Weber and former ECB chief economist Juergen Stark both resigned in opposition to the bond-buying programme, fuelling German public suspicion of the ECB, which was seen as having strayed from its German orthodox monetary roots.
Insiders say Draghi, who encourages debate, intentionally runs a less rigidly controlled ship than Trichet did.
However, several fellow central bankers were furious when Austria's Ewald Nowotny last week floated the idea of giving the euro zone's future permanent rescue fund a banking licence, so it could tank up on cheap ECB liquidity. A legal opinion previously sought by the ECB had concluded that such a move would breach the treaty ban on monetary financing of governments, insiders said.
Nowotny's friends said he wanted to stir up debate and hinted Draghi was privately sympathetic to his view. Critics say he just muddied the waters and enraged the Bundesbank.
Within the Eurosystem, officials are puzzling over what will work. Merely reactivating the ECB's bond buying programme, even in tandem with bond-buying by the eurozone's rescue funds, may be too small a bazooka to deter speculators from betting against Spain or Italy, two central bankers said.

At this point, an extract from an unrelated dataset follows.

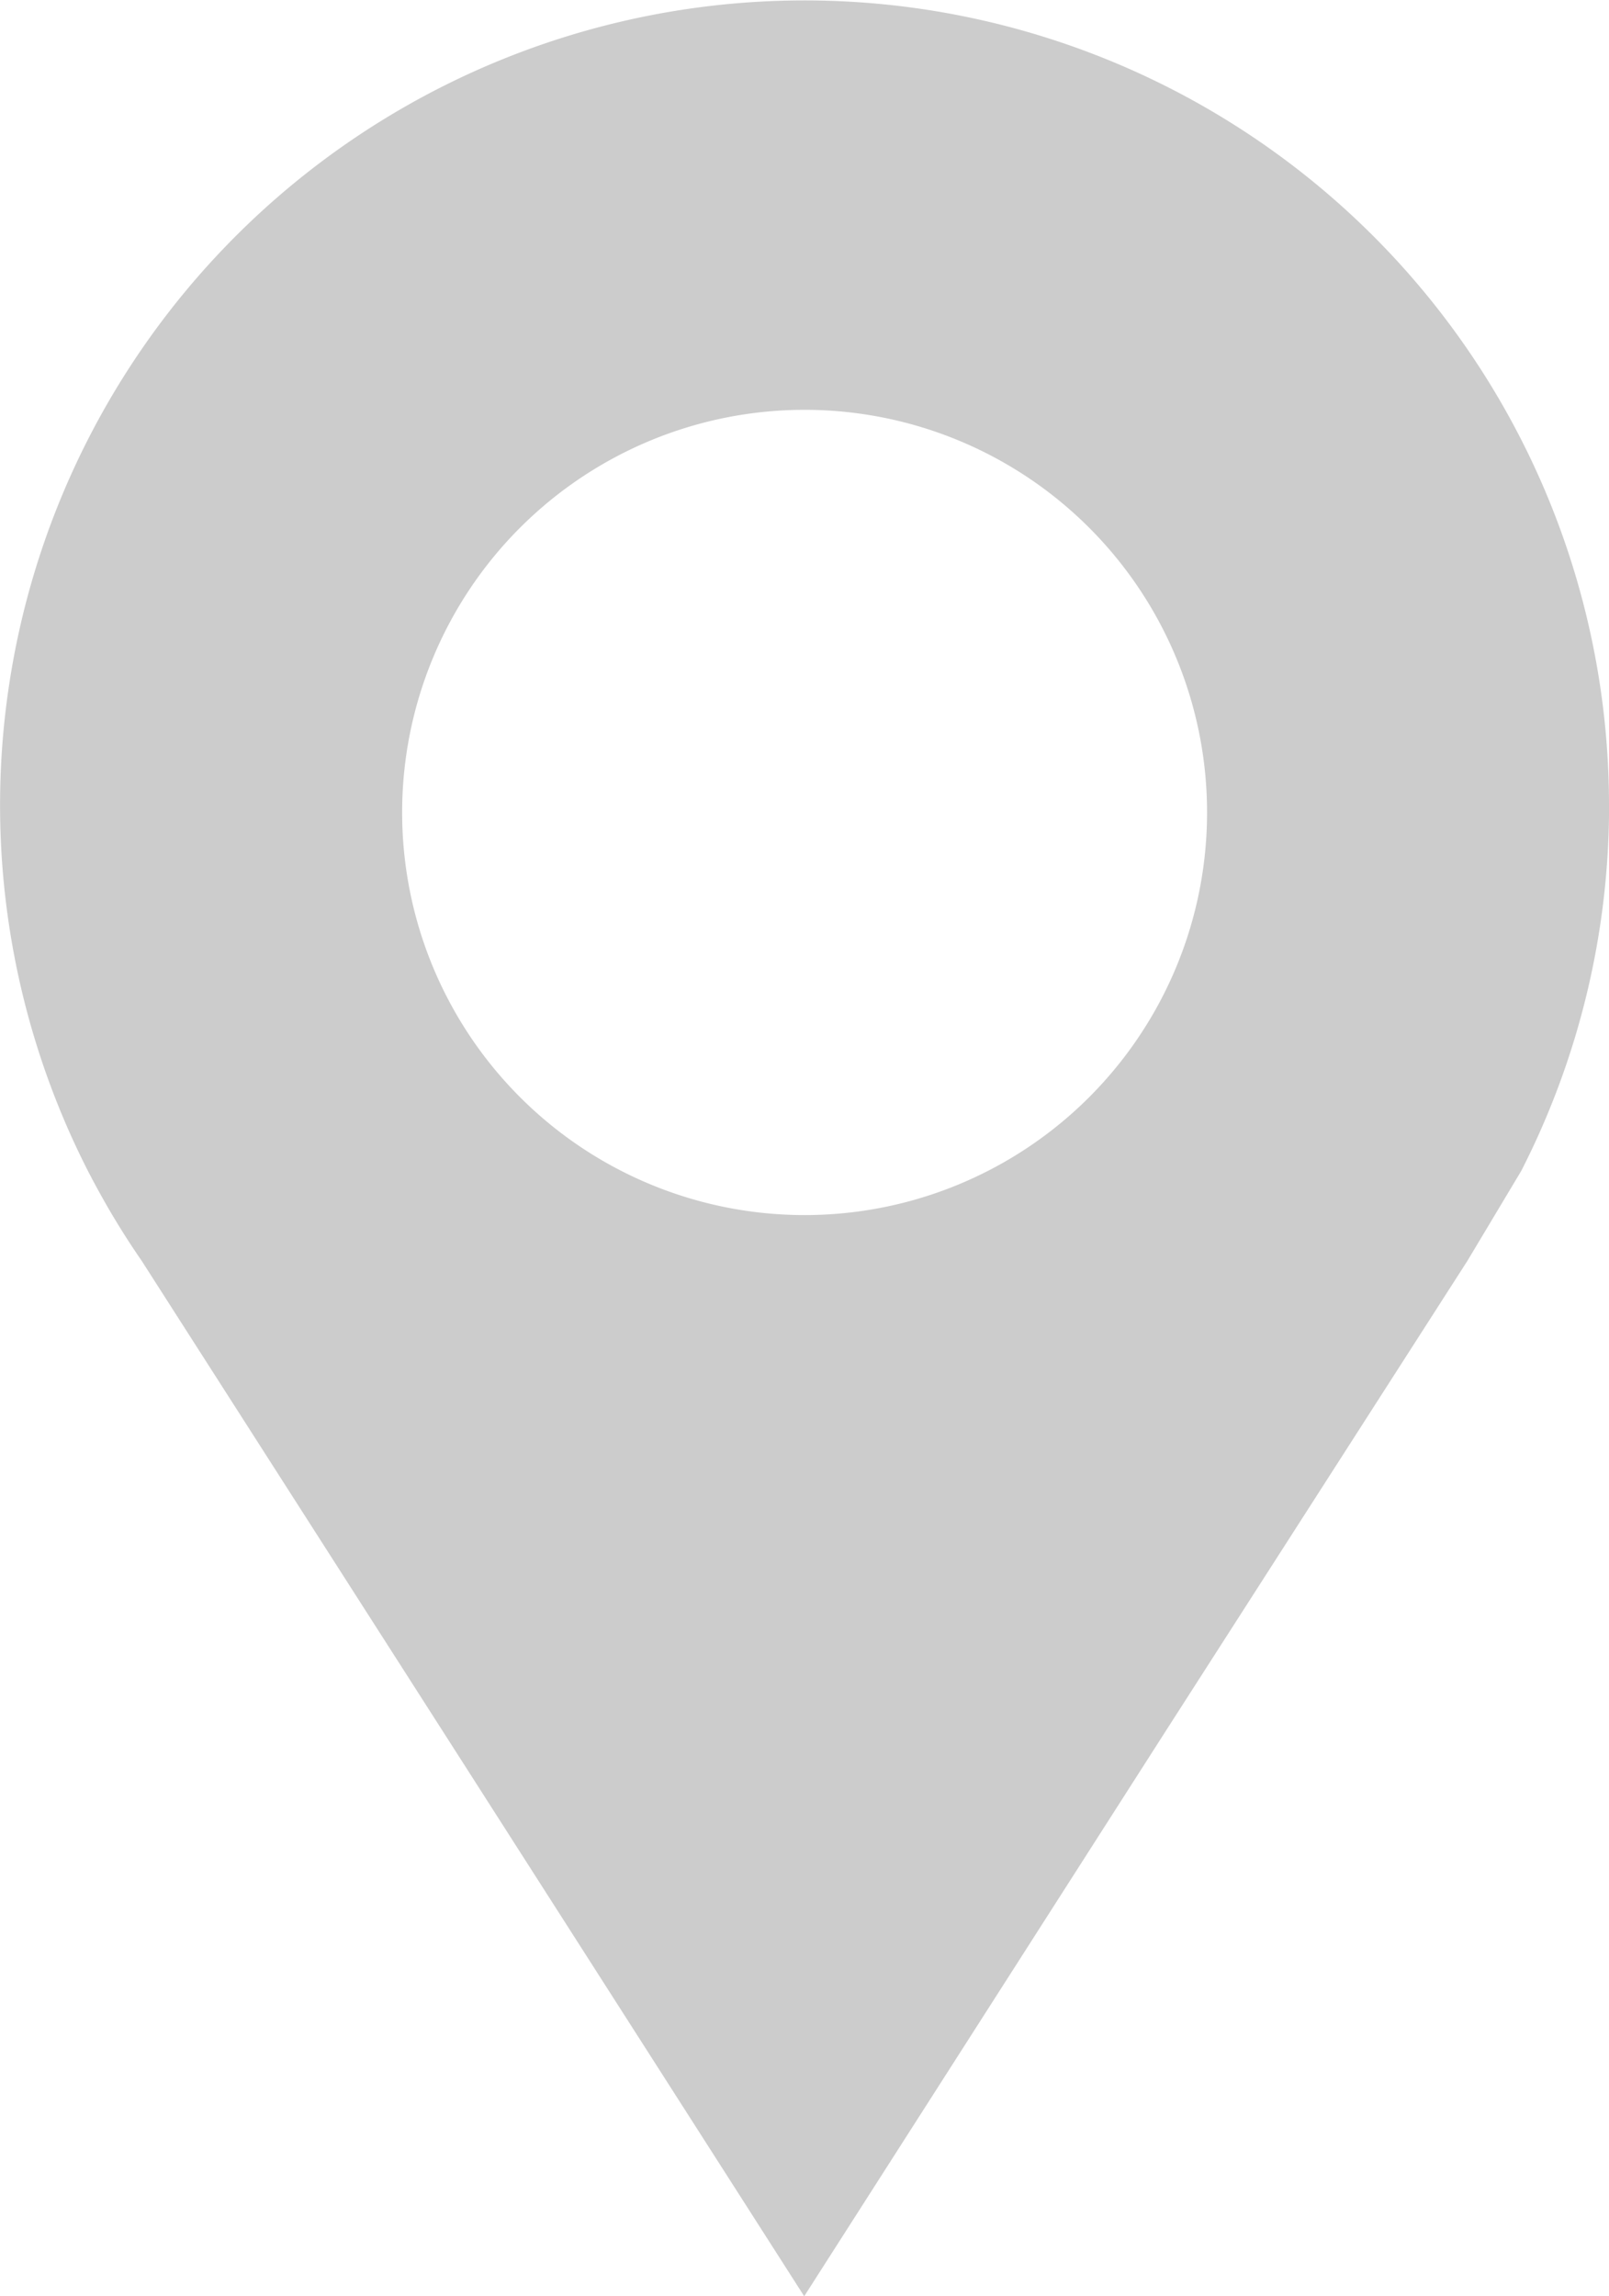 <?xml version="1.0" encoding="UTF-8"?> <svg xmlns="http://www.w3.org/2000/svg" width="24.583" height="35.069" viewBox="0 0 24.583 35.069"><path id="Path_13440" data-name="Path 13440" d="M455.164,15.307a12.291,12.291,0,1,0-23.241,5.59q.178.345.374.676c.142.239.292.473.449.7l4.622,7.218,5.5,8.595,5.5-8.595L453,22.274l.824-1.376a12.243,12.243,0,0,0,1.341-5.59m-12.291,6.266a6.149,6.149,0,1,1,6.149-6.149,6.148,6.148,0,0,1-6.149,6.149" transform="translate(-430.581 -3.017)" opacity="0.2"></path></svg>

"Hedge funds aren't stupid. They can count. They know how much is really available from the rescue funds, how much the central bank has bought so far, and what the political constraints are on doing more," one eurozone source said.
Even when ECB bond-buying was in full flow last year, the ECB's Governing Council limited purchases to roughly 20 billion euros a week, partly at the Bundesbank's behest, insiders say.
The experience remains seared into central bankers' memory after a debacle with Italy. Within days of making commitments to deficit cuts and economic reforms to convince the ECB to step in, then Italian Prime Minister Silvio Berlusconi went back on his promises and treated them as a joke.
"They felt cheated and they don't want to have that happen a second time," a senior financial source in the euro zone system said.
So barring a dramatic deterioration, ECB action may have to wait until conditions in the markets get still worse, Greece gets closer to the brink, and the euro zone, in the words of one Brussels crisis manager, "explores the edge of the abyss".